Below are some records. Write out exactly their lines from the one with "Modified Davis grading" through the one with "No apparent diabetic retinopathy.", and leave the pictures behind.

+++ SUPPLIED RECORDS +++

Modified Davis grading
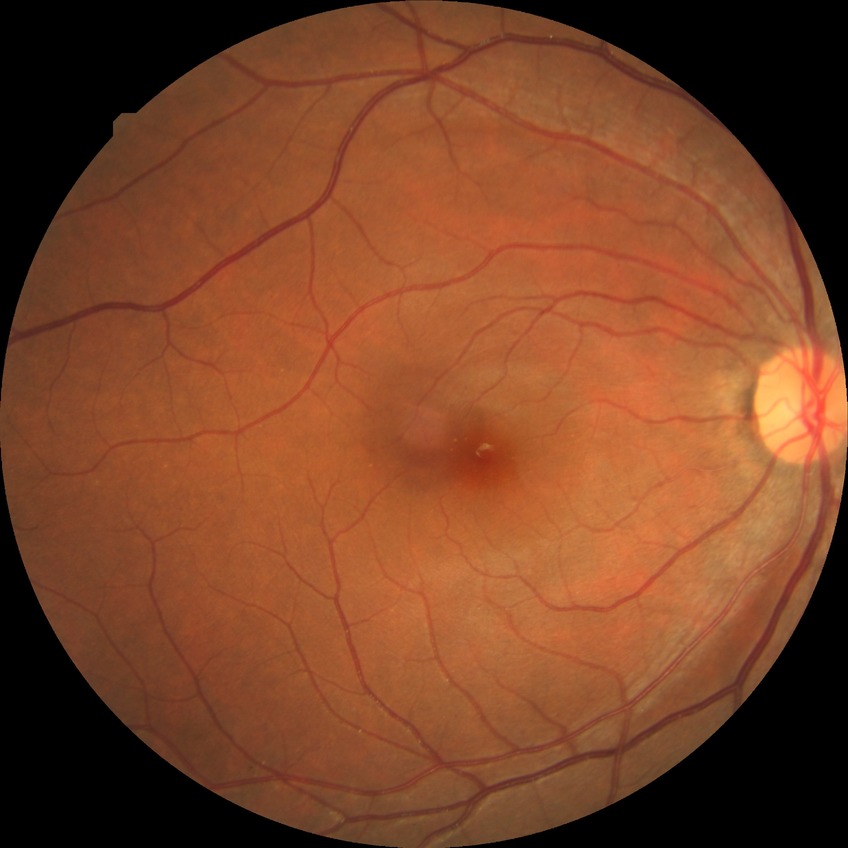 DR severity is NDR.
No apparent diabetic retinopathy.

+++
+++ SUPPLIED RECORDS +++

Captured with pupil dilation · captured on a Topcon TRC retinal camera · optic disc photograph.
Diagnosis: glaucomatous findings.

+++

## [EXERCISE RESPONSE]
Modified Davis grading
 DR severity is NDR.
No apparent diabetic retinopathy.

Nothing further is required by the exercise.